* _Your instructions_: Look below for the line that has "land cover: Grassland". Set down the lines from there through the line that has "longitude: -5.8812", exactly as written.

* _Data section_:
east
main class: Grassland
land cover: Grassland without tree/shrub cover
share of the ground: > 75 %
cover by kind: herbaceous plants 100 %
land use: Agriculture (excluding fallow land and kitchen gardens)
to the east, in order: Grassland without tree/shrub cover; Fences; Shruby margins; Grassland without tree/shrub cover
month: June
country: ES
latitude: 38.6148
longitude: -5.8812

...

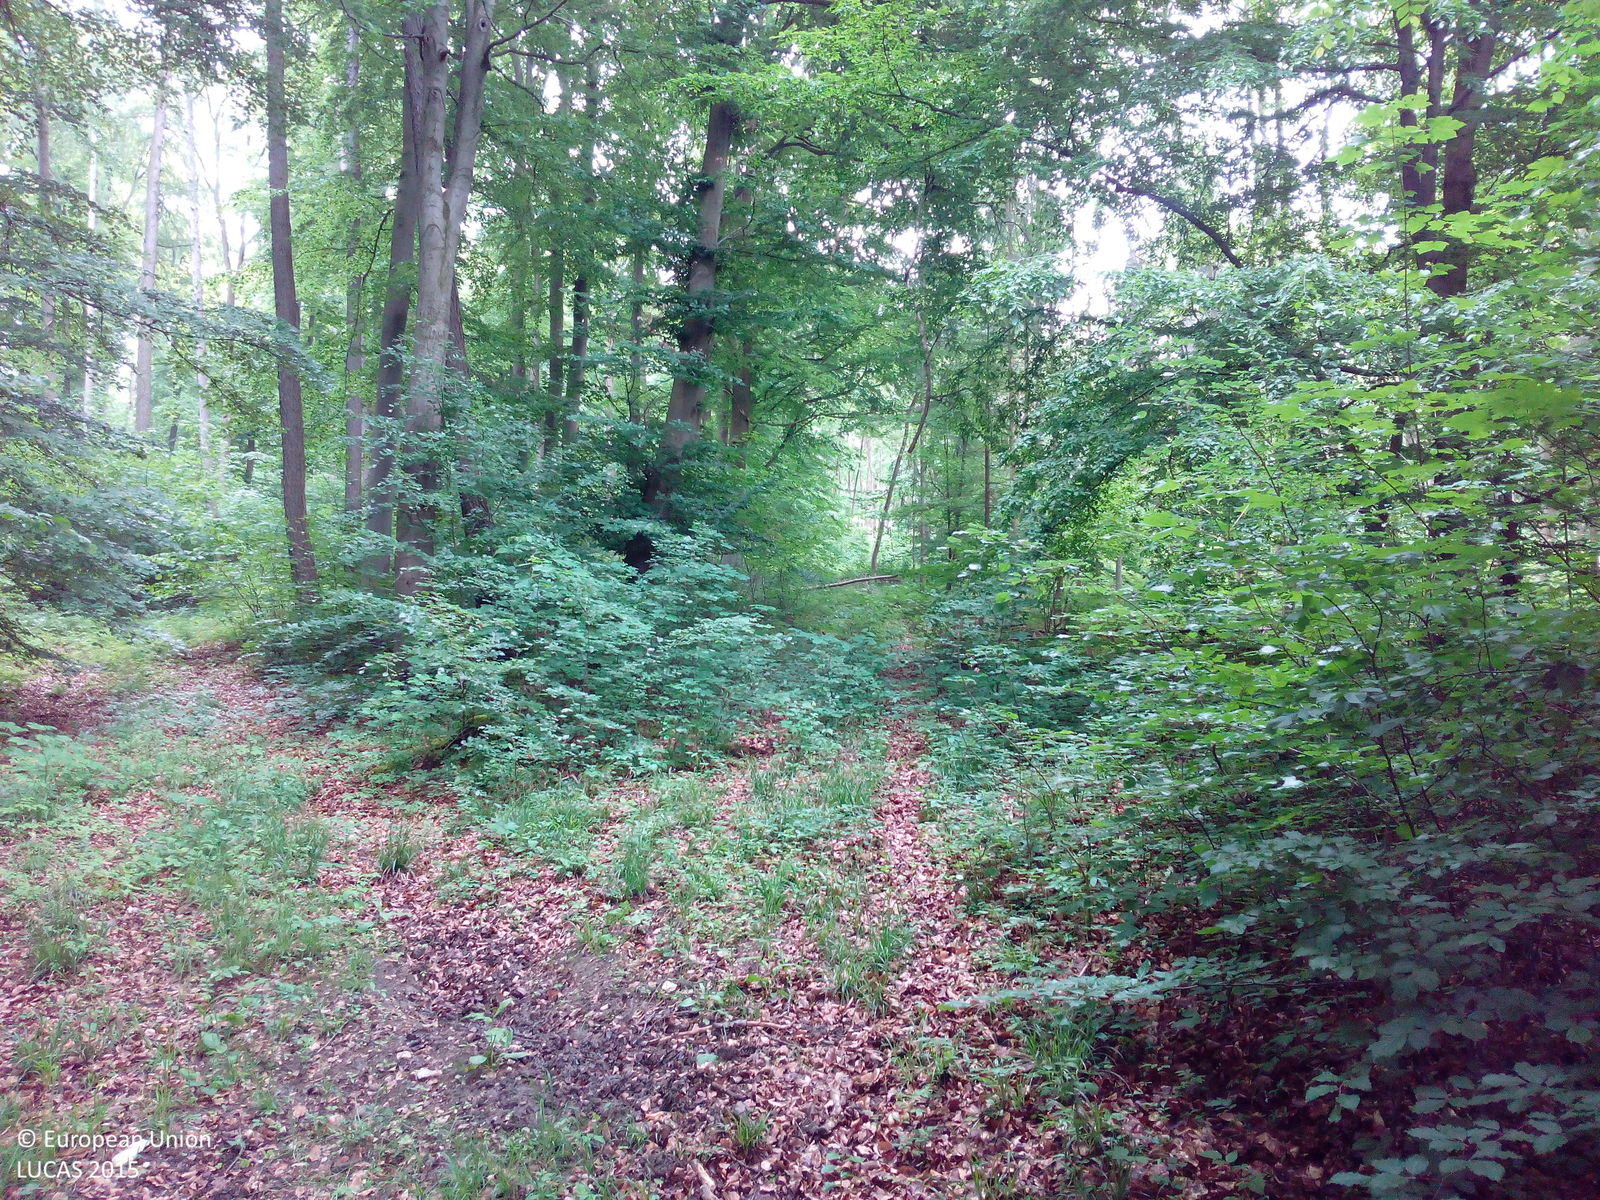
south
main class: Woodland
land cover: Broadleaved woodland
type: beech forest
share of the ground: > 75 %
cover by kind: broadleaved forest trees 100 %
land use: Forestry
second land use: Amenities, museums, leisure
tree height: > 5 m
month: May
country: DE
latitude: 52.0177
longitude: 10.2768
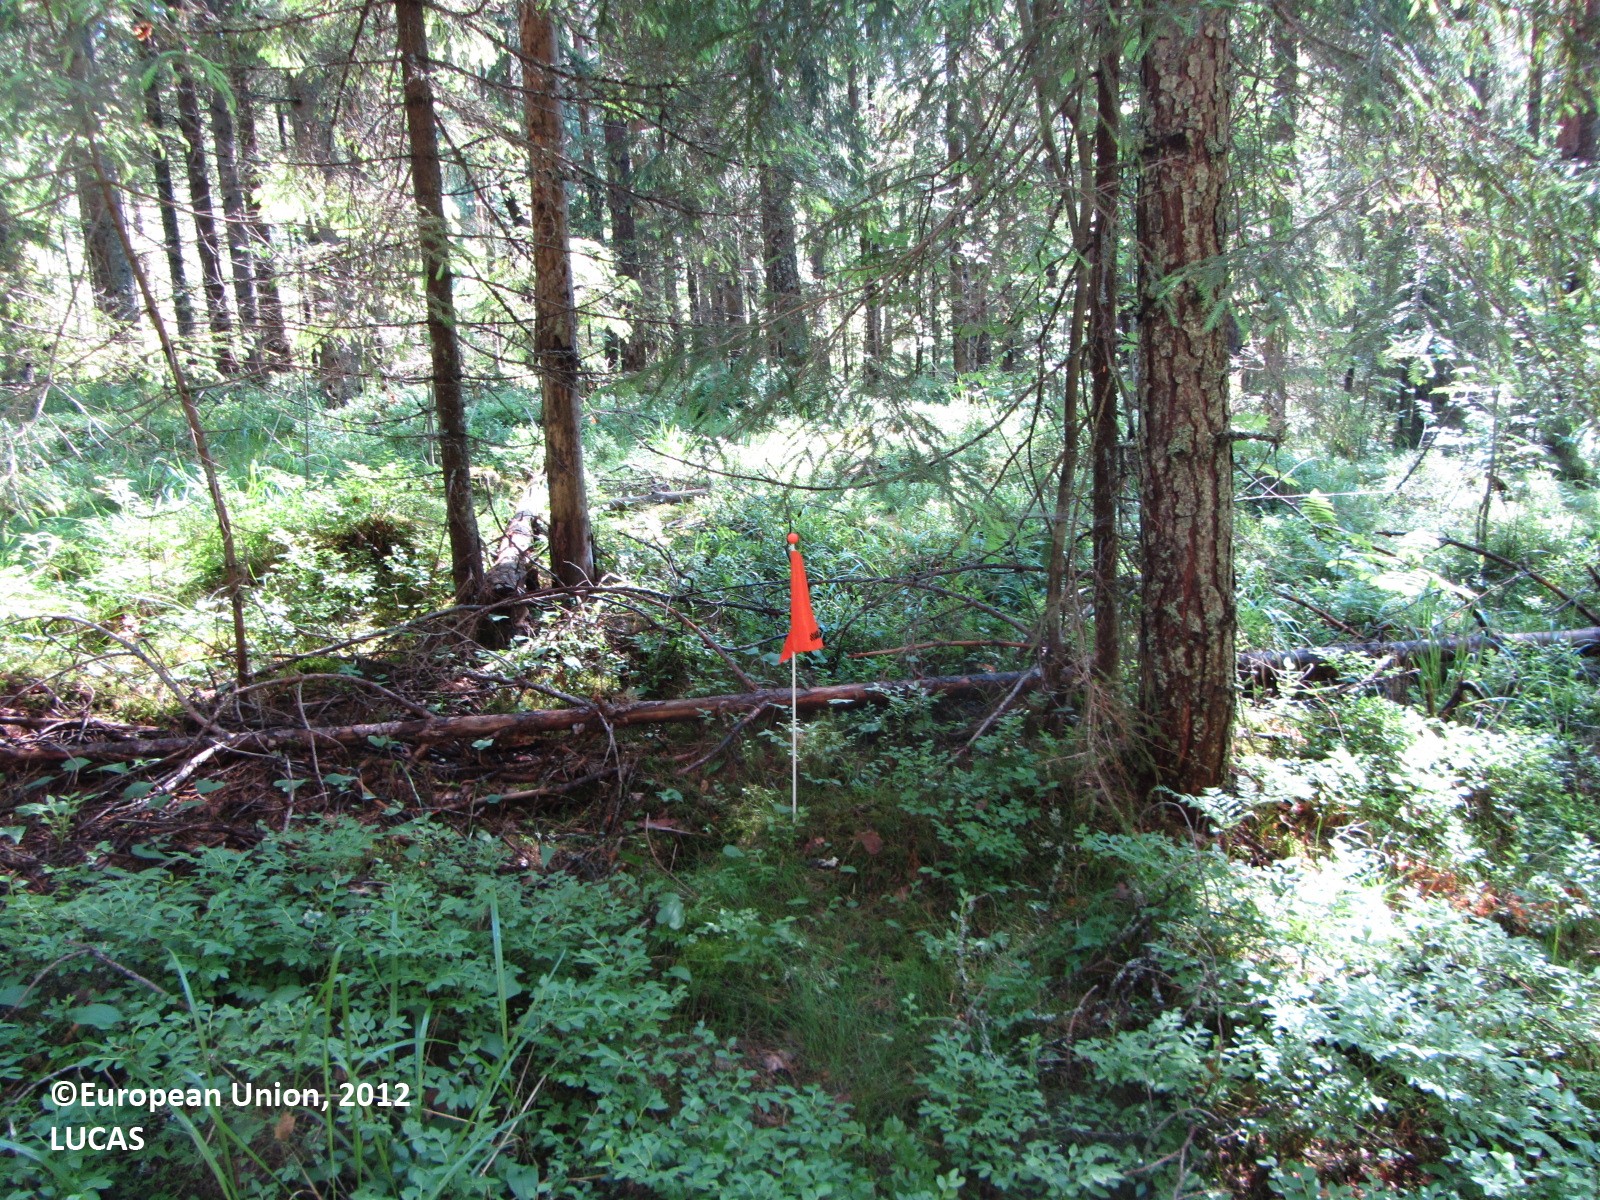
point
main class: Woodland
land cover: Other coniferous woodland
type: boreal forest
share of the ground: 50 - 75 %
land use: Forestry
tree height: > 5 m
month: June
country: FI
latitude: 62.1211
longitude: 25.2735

...

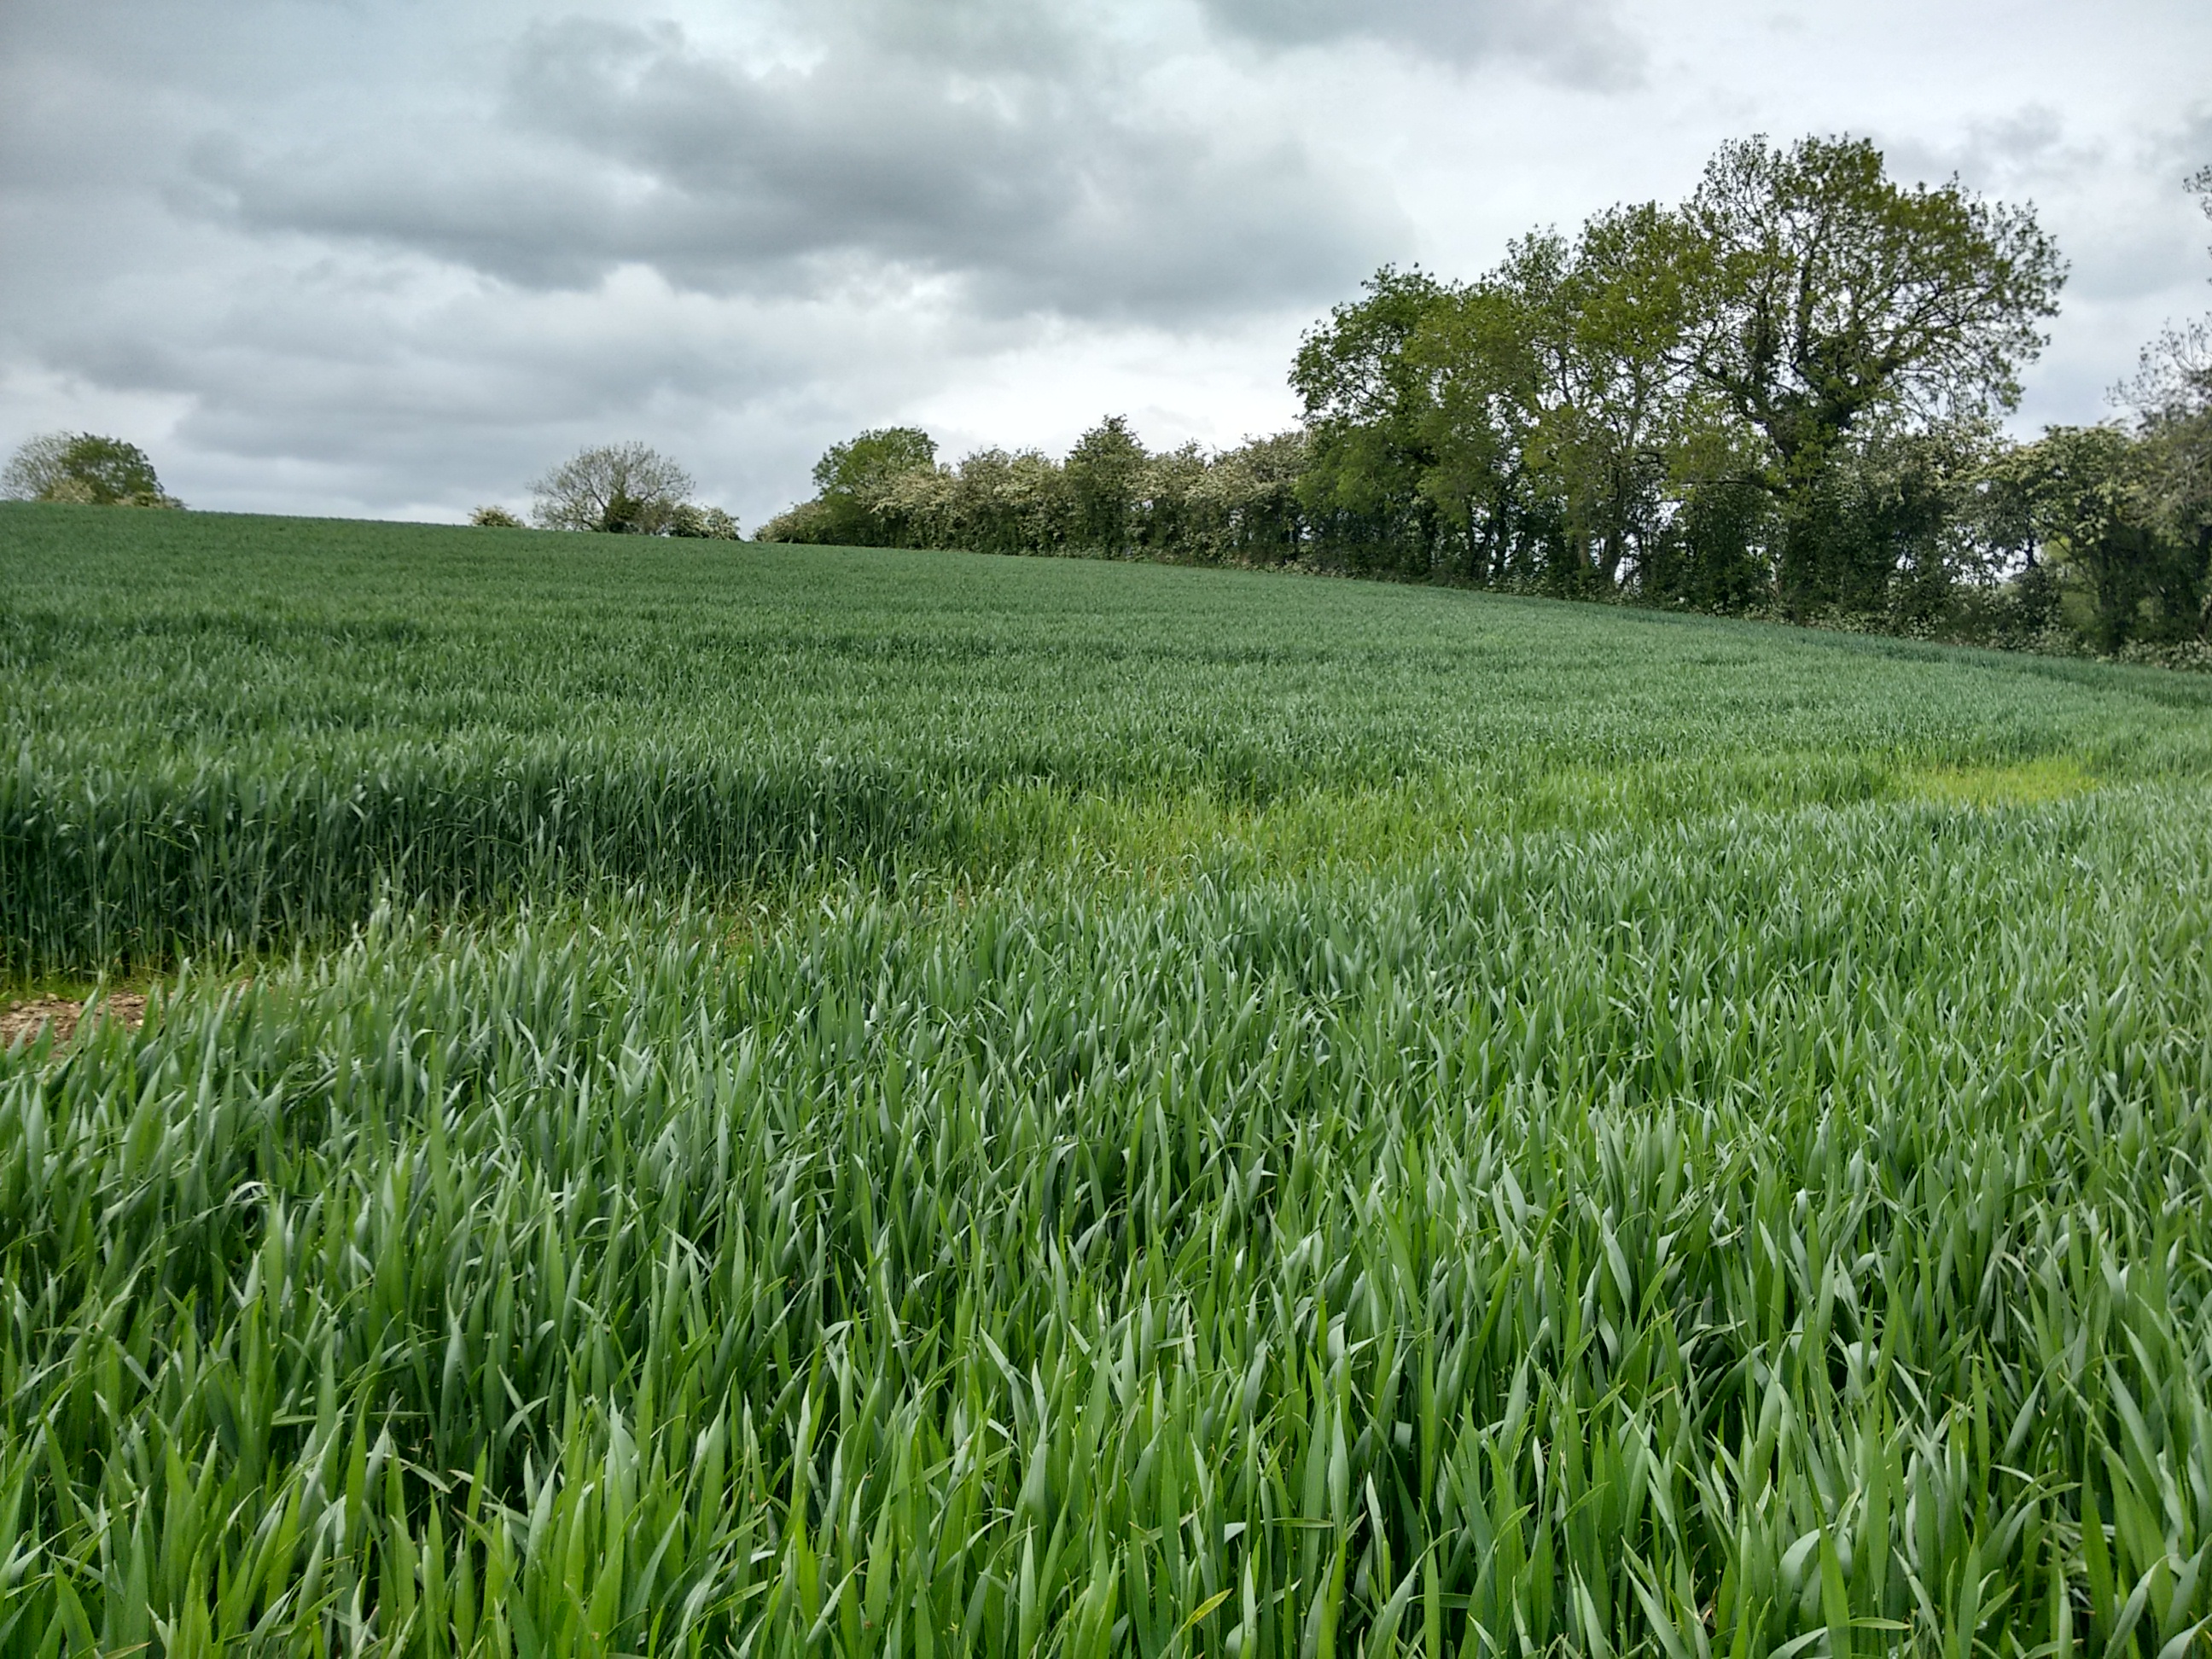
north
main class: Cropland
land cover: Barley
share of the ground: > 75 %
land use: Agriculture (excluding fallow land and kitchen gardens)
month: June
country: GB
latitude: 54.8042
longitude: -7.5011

* _Solution to the exercise_:
land cover: Grassland without tree/shrub cover
share of the ground: > 75 %
cover by kind: herbaceous plants 100 %
land use: Agriculture (excluding fallow land and kitchen gardens)
to the east, in order: Grassland without tree/shrub cover; Fences; Shruby margins; Grassland without tree/shrub cover
month: June
country: ES
latitude: 38.6148
longitude: -5.8812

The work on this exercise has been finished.